Mud is probably the most desirable feature - kinda like powders days for skiers. Fun mud, not run the whole course mud like Nationals this past year, ouch. Nor adobe mud like we have here in CO. Grassy mud like what New England or the South enjoys.

After a stair run up is classic. Longer the better but even 3-4 steps is pretty cool. Lots and lots of turns like you mentioned. Slow the big powerful riders down and make it a race of who is the best bike driver - not 100% fitness (like dirt crits).

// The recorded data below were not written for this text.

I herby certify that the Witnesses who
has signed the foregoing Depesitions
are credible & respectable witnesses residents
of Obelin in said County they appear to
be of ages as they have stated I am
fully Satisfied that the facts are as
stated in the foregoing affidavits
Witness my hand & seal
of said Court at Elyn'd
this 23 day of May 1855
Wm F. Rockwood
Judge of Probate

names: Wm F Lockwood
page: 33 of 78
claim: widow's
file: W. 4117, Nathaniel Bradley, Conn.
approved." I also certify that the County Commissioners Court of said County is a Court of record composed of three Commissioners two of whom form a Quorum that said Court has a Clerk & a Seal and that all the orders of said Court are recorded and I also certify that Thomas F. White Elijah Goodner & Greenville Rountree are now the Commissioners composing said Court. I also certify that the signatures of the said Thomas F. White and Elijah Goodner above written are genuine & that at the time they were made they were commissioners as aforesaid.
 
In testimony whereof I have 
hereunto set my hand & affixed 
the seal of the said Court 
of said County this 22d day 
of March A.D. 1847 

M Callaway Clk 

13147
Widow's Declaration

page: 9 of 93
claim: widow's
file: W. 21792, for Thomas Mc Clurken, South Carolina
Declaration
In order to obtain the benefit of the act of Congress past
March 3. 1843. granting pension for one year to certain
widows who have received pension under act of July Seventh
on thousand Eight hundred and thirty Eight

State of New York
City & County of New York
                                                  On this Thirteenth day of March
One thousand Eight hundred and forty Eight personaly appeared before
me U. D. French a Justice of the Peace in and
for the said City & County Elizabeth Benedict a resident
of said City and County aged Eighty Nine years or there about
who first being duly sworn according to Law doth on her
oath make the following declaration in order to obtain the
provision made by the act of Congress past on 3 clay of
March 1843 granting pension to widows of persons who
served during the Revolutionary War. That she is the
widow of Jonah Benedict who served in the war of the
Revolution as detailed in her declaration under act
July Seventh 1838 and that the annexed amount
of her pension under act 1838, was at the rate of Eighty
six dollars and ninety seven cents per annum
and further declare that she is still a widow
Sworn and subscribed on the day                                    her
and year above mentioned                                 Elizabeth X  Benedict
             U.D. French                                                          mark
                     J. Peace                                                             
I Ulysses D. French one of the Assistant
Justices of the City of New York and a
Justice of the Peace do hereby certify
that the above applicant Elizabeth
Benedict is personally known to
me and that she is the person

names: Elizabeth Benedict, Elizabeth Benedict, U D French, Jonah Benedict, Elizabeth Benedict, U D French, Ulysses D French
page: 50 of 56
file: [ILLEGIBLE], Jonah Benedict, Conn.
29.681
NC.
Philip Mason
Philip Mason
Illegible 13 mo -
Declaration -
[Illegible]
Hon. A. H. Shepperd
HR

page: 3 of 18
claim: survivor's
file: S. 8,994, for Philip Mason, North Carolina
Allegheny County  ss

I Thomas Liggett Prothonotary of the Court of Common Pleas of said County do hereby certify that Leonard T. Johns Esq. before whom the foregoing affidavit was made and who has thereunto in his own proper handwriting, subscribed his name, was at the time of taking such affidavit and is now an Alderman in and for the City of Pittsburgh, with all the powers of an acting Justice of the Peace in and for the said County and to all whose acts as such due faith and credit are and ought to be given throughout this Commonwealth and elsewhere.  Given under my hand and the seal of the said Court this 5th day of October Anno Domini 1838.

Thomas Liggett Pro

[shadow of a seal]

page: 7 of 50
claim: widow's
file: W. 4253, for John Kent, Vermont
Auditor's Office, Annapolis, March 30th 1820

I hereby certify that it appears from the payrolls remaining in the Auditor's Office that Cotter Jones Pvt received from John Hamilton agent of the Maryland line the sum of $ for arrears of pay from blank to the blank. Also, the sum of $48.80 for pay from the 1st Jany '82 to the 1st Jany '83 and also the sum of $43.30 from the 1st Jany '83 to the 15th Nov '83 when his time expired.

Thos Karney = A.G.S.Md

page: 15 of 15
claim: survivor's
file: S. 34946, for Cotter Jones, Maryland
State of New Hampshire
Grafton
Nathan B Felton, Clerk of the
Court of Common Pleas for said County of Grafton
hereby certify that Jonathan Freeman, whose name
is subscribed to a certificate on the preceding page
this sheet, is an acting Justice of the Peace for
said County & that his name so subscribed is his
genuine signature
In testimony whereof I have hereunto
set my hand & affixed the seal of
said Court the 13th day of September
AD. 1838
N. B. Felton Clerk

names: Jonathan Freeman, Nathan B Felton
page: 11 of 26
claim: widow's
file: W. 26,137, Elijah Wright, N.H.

For barriers, you can have a little 4" that is beginner friendly and also bunny-hop’able for the more advanced racer. And of course regulation size barriers and natural features that force a dismount like a super steep run up, a ditch of an off camber that challenges one to ride it but running it might be faster.

Fun stuff, course design is an art and a skill - have fun and let’s also hear what Coach @Brandon has to say sine he’s raced cross in Europe and New England.

Love this question and I could go on for days! My biggest piece of advice is to use as many of the natural features as possible. One thing I distaste is when designers make too many turns using stakes and tape. I understand the need to lengthen lap times, but it needs to be minimized. A good balance of fitness features (hard climbs and some straightaways) and technical features (tricky off cambers and cornering) are nice. If it’s all twists and turns then the course dictates the speed and not the racers. A good course strikes the perfect balance of the rider needing speed, power and skill.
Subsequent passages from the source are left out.